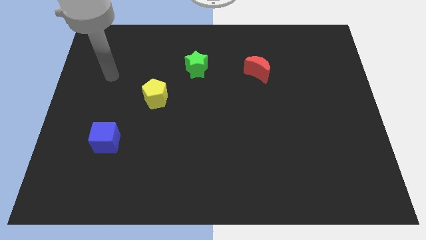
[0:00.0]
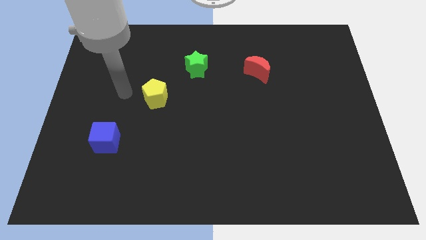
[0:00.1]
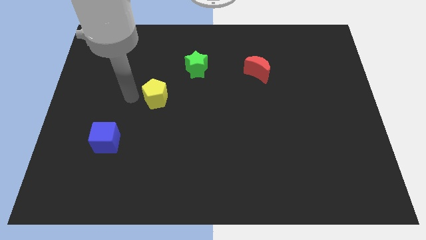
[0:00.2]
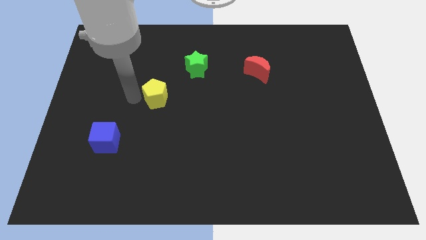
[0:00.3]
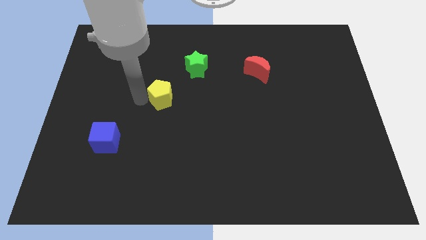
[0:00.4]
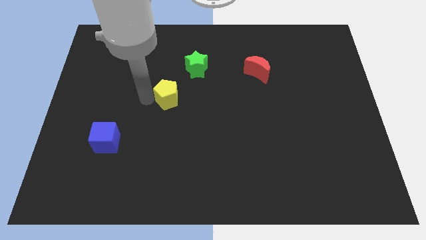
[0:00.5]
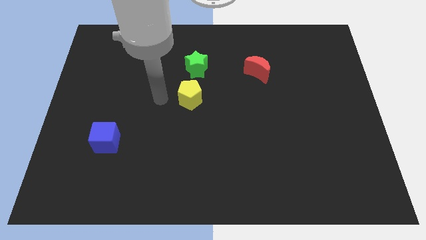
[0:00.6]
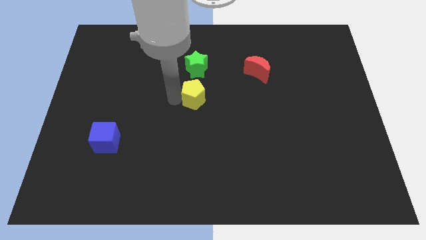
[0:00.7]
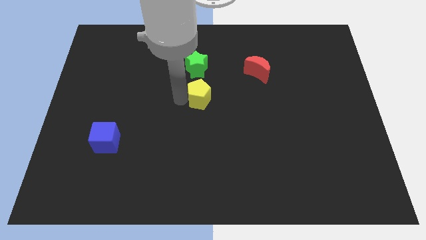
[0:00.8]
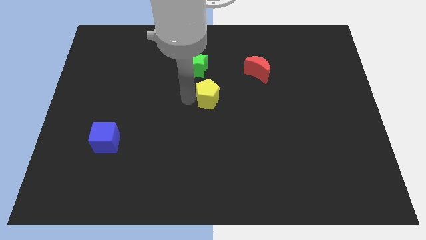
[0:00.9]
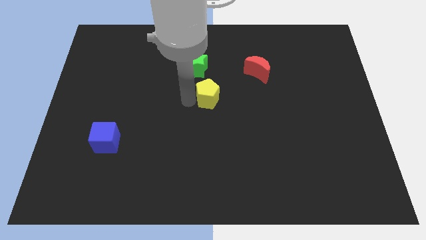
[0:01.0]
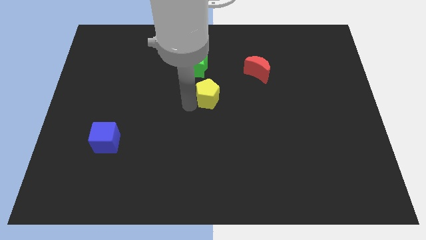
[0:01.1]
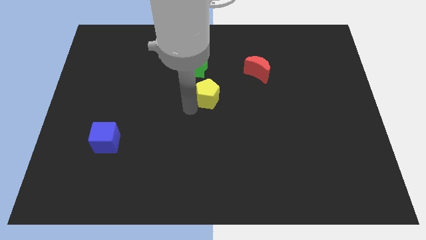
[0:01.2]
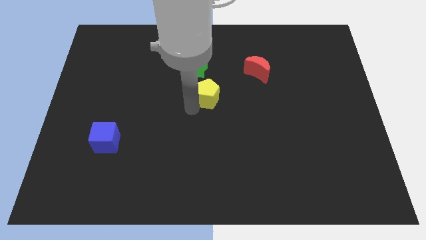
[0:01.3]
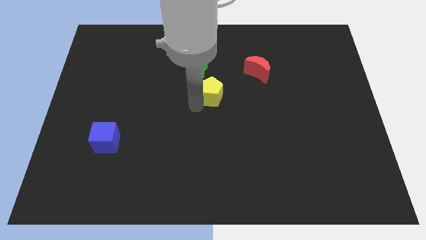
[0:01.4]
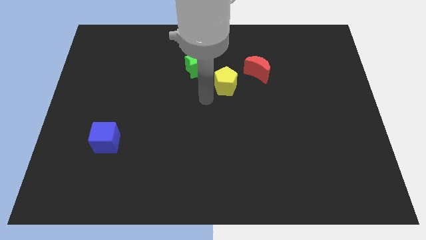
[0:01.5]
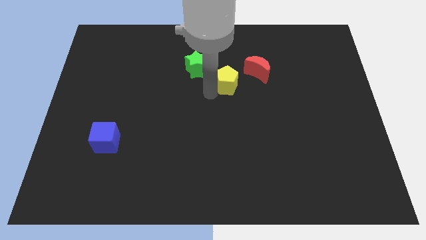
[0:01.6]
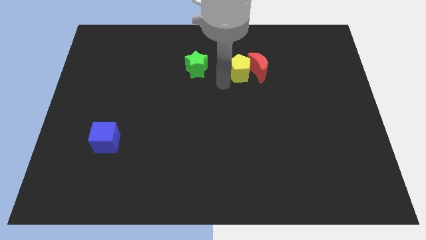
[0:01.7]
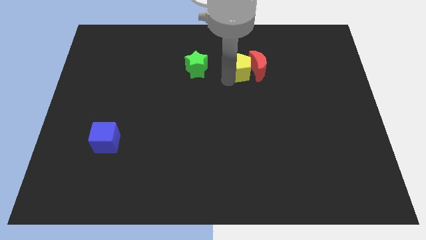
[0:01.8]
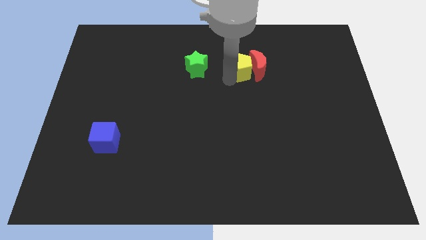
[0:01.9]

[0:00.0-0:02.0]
put the yellow block to the moon
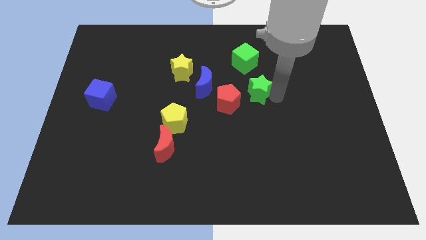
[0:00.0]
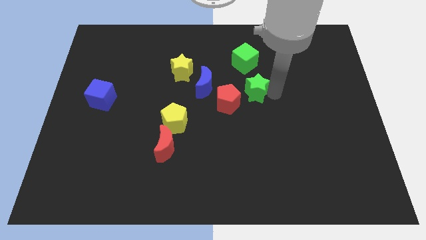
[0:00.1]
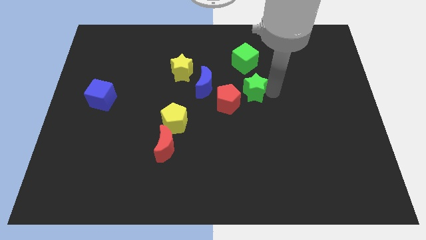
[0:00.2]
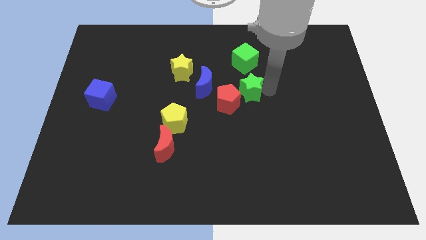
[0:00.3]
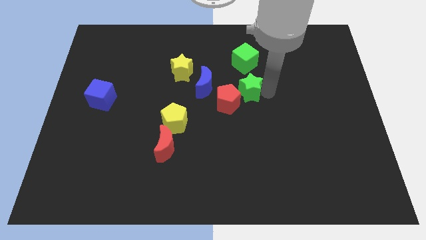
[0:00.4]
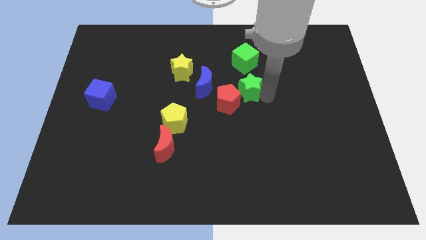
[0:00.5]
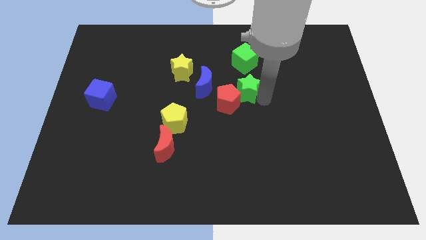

> _Your instructions_: Write out the whole listing exactly, and drop the pictures.

> _Written answer_:
[0:00.0]
[0:00.1]
[0:00.2]
[0:00.3]
[0:00.4]
[0:00.5]
[0:00.6]
[0:00.7]
[0:00.8]
[0:00.9]
[0:01.0]
[0:01.1]
[0:01.2]
[0:01.3]
[0:01.4]
[0:01.5]
[0:01.6]
[0:01.7]
[0:01.8]
[0:01.9]

[0:00.0-0:02.0]
put the yellow block to the moon
[0:00.0]
[0:00.1]
[0:00.2]
[0:00.3]
[0:00.4]
[0:00.5]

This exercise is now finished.